Кое-что, однако, надо признать, было сделано; перемены произошли. Крайности сходятся; и святоша (в некоторых случаях) слился с грешником. Сущностный характер шотландцев — это решительное своеволие, стремление к цели; так что за что бы они ни брались, они доводят дело до конца и идут до самого предела. Это относится к претензиям, которые некоторые из их писателей недавно предъявили на презрение к скамейкам для грешников и на всю свободу остроумия и юмора. Они так долго были под запретом, что теперь вырываются с двойной силой и ни перед чем не останавливаются. Из всех негодяев (я использую этот термин за неимением другого) шотландский негодяй по этой причине — худший. Во-первых, этот характер плохо сидит на нем из-за отсутствия привычки и обязательно будет самым возмутительным образом искажен. Он только что вырвался из оков регулярности и сдержанности и вынужден проделывать странные выходки, чтобы убедиться, что они все еще не цепляются за его пятки. Во-вторых, формализм, лицемерие и почтение к общественному мнению — это «грехи, которые легче всего его одолевают». Поэтому, когда он однажды решает пренебречь приличиями, он становится совершенно безразличным к репутации и «одним прыжком перепрыгивает все границы» приличия и здравого смысла. Опять же, в шотландцах, возможно, есть природная черствость и отсутствие нервной чувствительности, что делает их (если отбросить правила и соображения последствий) не очень разборчивыми или щепетильными в своих действиях. Если их не сдерживает совесть или благоразумие, у них нет mauvaise honte, никаких непроизвольных угрызений или дрожи, чтобы смягчить их наглость и пренебрежение принципами. Их дерзость чрезмерна, их злоба хладнокровна, скрытна, ползуча, преднамеренна, без слабости или оправдания страстью. Они объединяют свои пороки и свою продажность, и с помощью того и другого вместе они непобедимы. Избранные духи, которые недавно фигурировали в много обсуждаемой публикации, с «старым Сильванусом во главе» —

‘Leaning on cypress stadle stout,’—

в своих «благочестивых оргиях» напоминают отряд йеху или стадо сатиров —

‘And with their horned feet they beat the ground!’—

то есть пол в лавке мистера Блэквуда!
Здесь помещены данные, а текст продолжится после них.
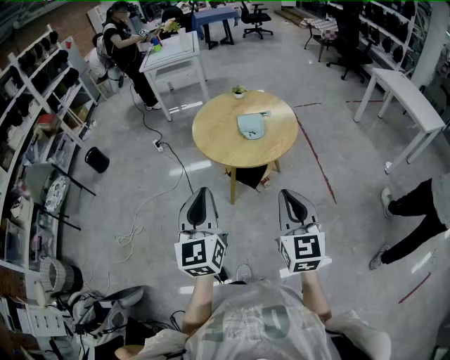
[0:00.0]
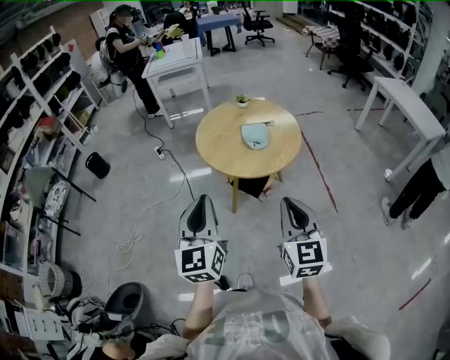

Есть еще одна публикация, равная этой по вопиющей наглости и бесстрашной тупости, — это «Джон Булл». Редактор, ради чести Шотландии, считается ирландцем. Чем мог бы стать «Бикон», сказать трудно; но было бы любопытно увидеть некоторые статьи, несомненно вышедшие из-под пера сэра Вальтера, в этом издании, поскольку всегда утверждалось, что «Эдинбургский журнал Блэквуда» — слишком низкое и скандальное издание, чтобы он мог иметь к нему какое-либо отношение. Приключение с «Биконом», возможно, открыло поклонникам сэра Вальтера и друзьям человечества в целом, что

‘Entire affection scorneth nicer hands!’

Старый доктор Берни, примерно в середине прошлого века, зашел однажды утром к Томсону, автору «Времен года», в поздний час и, выразив удивление, что поэт не встал раньше, получил ответ: «У меня не было мотива, молодой человек!» Шотландец всегда действует по мотиву и по должном соображении; и если он действует не правильно или не ради честных целей, он опаснее любого другого. Другие могут ссылаться на пороки своей крови в оправдание своих ошибок; но шотландец — это машина, и она должна быть сконструирована на здравых моральных и философских принципах, или же ее следует остановить вовсе.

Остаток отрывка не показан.